Somehow I have found myself reading many books that fall under this category (at least according to my local library).  Why did I start reading these?  I don’t actually know.  I’m thinking that I picked up a interestingly covered book that had some sort of historical era setting.  And after reading more than 50 pages, realized what category the book fit into.  And at that point, I wanted to find out the ending.  And then I probably figured out that the book was part 1 of a trilogy or something of the like.  And of course, I had to read the rest of the series.  I am speculating because I really cannot remember how I fell into the genre, but now I’m really into it.

Some interesting notes about the genre:

  • Extremely formulaic plot: These books always focus on a single woman who ends up getting married (either the end of the book or the series).  There is always a big obstacle (death, natural disaster, huge misunderstanding, trip) to overcome.

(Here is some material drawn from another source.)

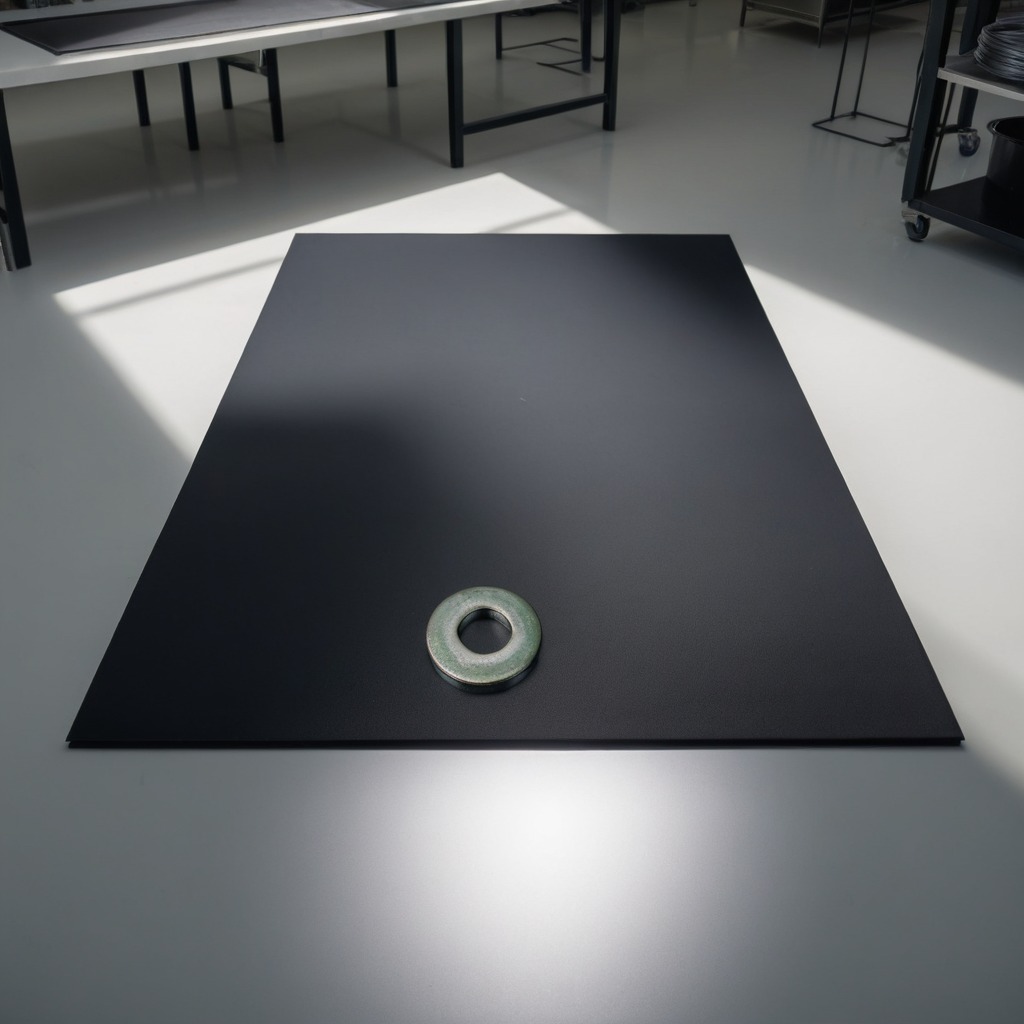
A flat metal washer is lying on the clean granite tabletop.

  • Characters: The main character is usually a late teen to early 20s single woman who has no real interest in marriage.  Enter at least one potential husband.  Usually there’s two to choose from.  If there are two suitors, one always turns out to be a cad in some way.  Usually the woman has some supportive family members.  Often there innocent children (previous child, orphans, etc.)

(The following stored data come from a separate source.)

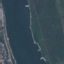
Land use / land cover class: River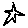
Label: star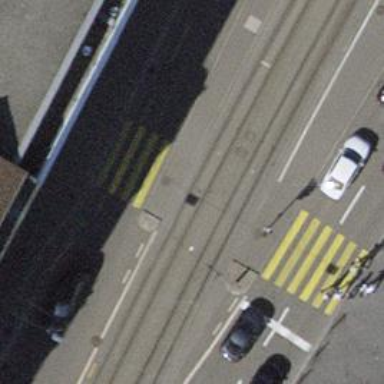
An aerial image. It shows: Tram crossing on the railway.

  • Content: The reader is guaranteed that there will be no cuss words (the worst I have noticed was a nonChristian who said Damn).  There will be no sex scenes.  Usually there are a few kisses.  I did read a few books about reformed prostitutes that did allude to sex but talked about it in the way you talk about sex when children are present: vague and using euphemisms.  Even when characters marry in the books there are only allusions to sex.  I would be hard pressed to find one of these books that actually has “sex” in print.  And of course there are many Bible verses and usually sermons.  These are a given being a Christian historical romance, but sometimes these sermons can go on for over three pages.  A little excessive sometimes.
  • Authors: There are many authors out there, but they often coauthor a series.  Most of them have 20-30 books authored within three years of publishing.  So I often run into the same names.  Currently I am reading Tracie Peterson’s and Lauraine Snelling’s libraries.
  • Historical content: I am usually pleasantly surprised by the background historical content.  The authors often do research of the area or the events of the time period featured.  As a history teacher, I do appreciate this effort.

With all the issues I have with the genre, why exactly do I keep reading them?  Well, simple answer — they’re easy.  I don’t have to think while reading them.  Considering that I read very academic history books, technology and business books, and authors like Melville or Austen, these books are like a vacation.  They’re something I can read while waiting in the car line to pick my boys up from school.  I can read them at the coffee-house while listening to others’ conversations.  I can read them while in the room with someone watching tv.  I can read them before bed when I am tired, but not tired enough to actually fall asleep.  They are easy and fairly entertaining.  So guess what I got on my last trip to the library?  Yup, that’s right, more Christian historical romance.